Threat modeling in shift-left

This proactive strategy significantly reduces the accumulation of security debt and transforms security from a bottleneck into an enabler of innovation. When security considerations are integrated from the beginning, teams can implement appropriate controls throughout the development lifecycle, resulting in more resilient systems built from the ground up.

Despite these clear benefits, threat modeling remains underutilized in the software development industry.

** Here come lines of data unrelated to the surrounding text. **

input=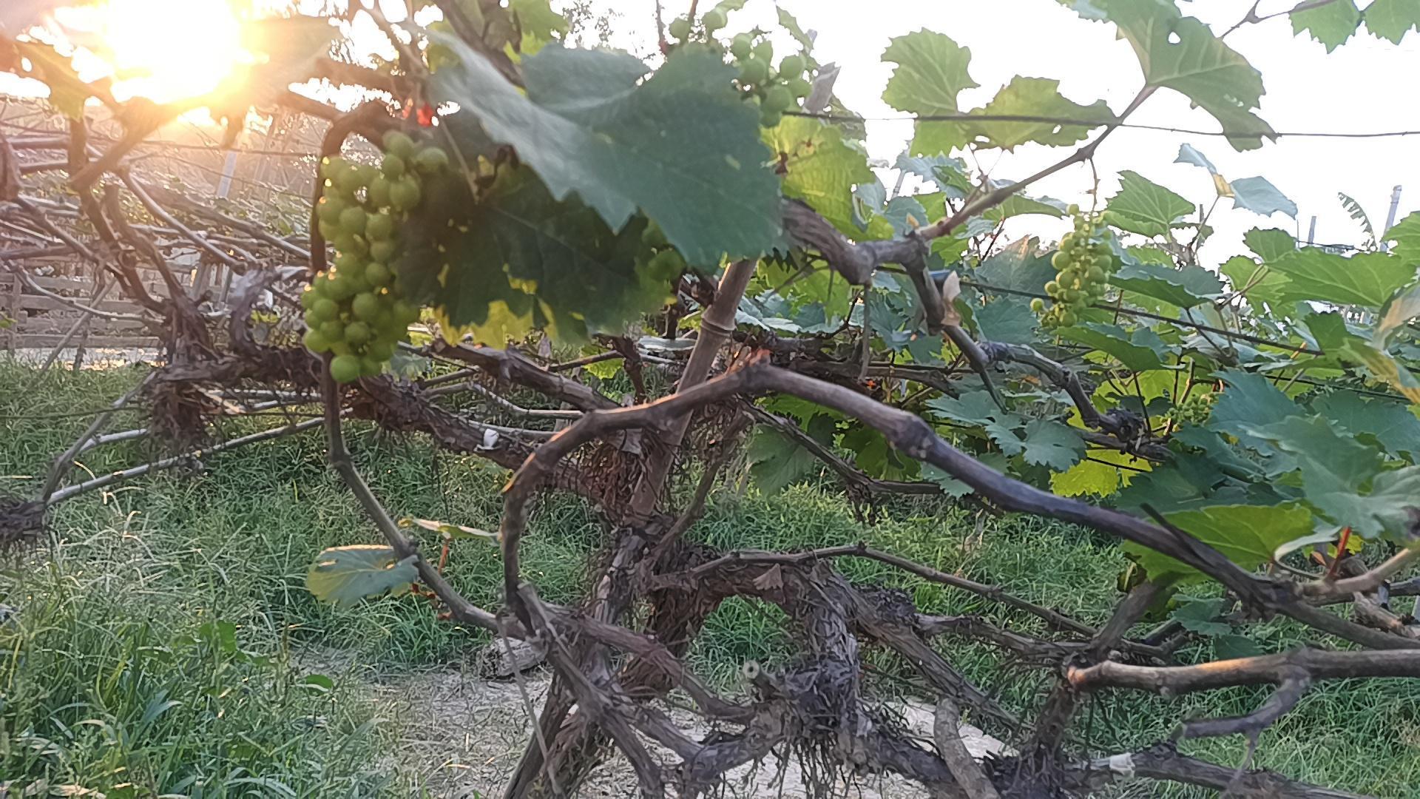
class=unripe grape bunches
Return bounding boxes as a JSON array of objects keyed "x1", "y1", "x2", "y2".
[
  {"x1": 302, "y1": 132, "x2": 447, "y2": 383},
  {"x1": 1032, "y1": 212, "x2": 1115, "y2": 329},
  {"x1": 669, "y1": 0, "x2": 817, "y2": 127}
]

This limited adoption stems from several significant challenges inherent to traditional threat modeling approaches:

  • Time requirements – The process takes 1–8 days to complete, with multiple iterations needed for full coverage. This conflicts with tight development timelines in modern software environments.
  • Inconsistent assessment – Threat modeling suffers from subjectivity. Security experts often vary in their threat identification and risk level assignments, creating inconsistencies across projects and teams.
  • Scaling limitations – Manual threat modeling can’t effectively address modern system complexity. The growth of microservices, cloud deployments, and system dependencies outpaces security teams’ capacity to identify vulnerabilities.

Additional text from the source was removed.